▸ **TASK PROMPT**:
A single number is expected: the count of lines in the entries below that contain "path".

** RECORD EXTRACTS follows **

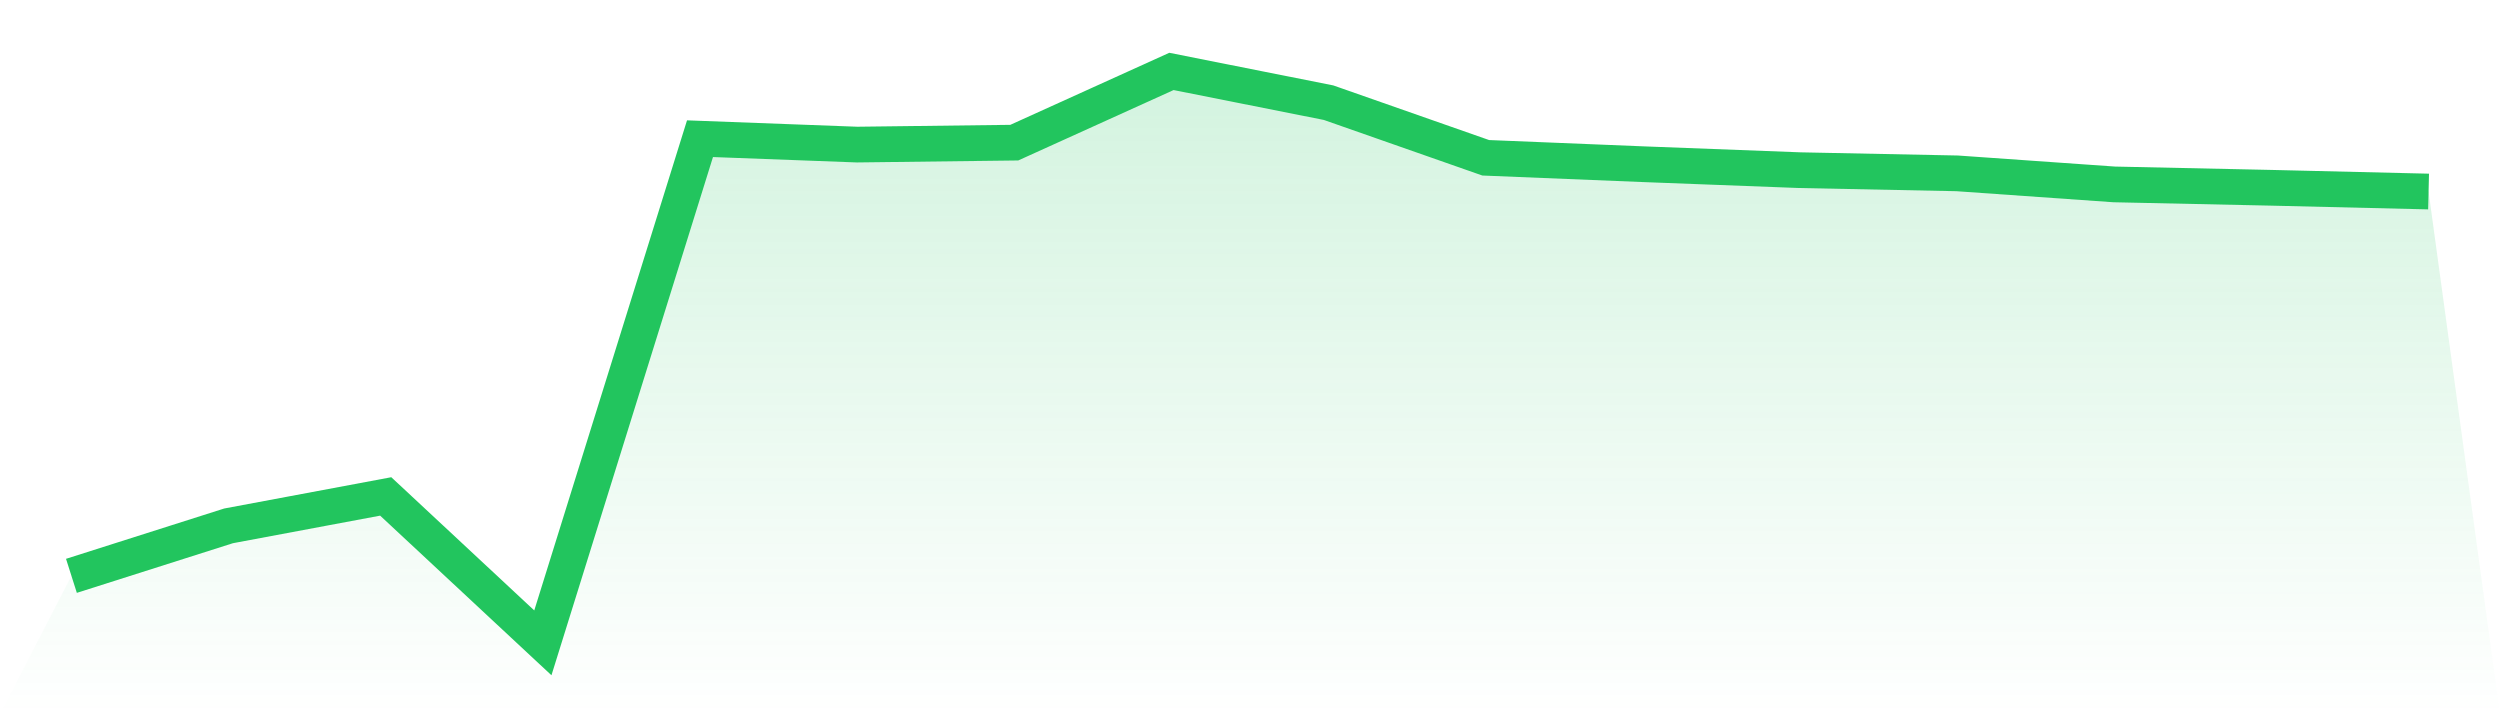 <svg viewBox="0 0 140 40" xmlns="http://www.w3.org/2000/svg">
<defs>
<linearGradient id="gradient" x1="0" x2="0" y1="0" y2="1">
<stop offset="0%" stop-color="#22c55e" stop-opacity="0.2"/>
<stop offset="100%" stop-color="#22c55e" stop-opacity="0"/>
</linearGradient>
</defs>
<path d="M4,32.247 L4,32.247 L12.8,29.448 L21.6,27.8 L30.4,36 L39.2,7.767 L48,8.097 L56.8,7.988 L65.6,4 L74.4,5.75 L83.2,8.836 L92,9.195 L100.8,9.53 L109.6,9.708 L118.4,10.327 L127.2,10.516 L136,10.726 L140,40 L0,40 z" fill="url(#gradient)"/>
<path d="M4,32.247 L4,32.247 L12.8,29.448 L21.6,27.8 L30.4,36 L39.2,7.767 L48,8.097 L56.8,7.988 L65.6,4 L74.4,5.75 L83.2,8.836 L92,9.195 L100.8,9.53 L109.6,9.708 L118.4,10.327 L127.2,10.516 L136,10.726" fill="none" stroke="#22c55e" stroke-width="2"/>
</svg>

** End of RECORD EXTRACTS **

▸ **WRITTEN SOLUTION**:
2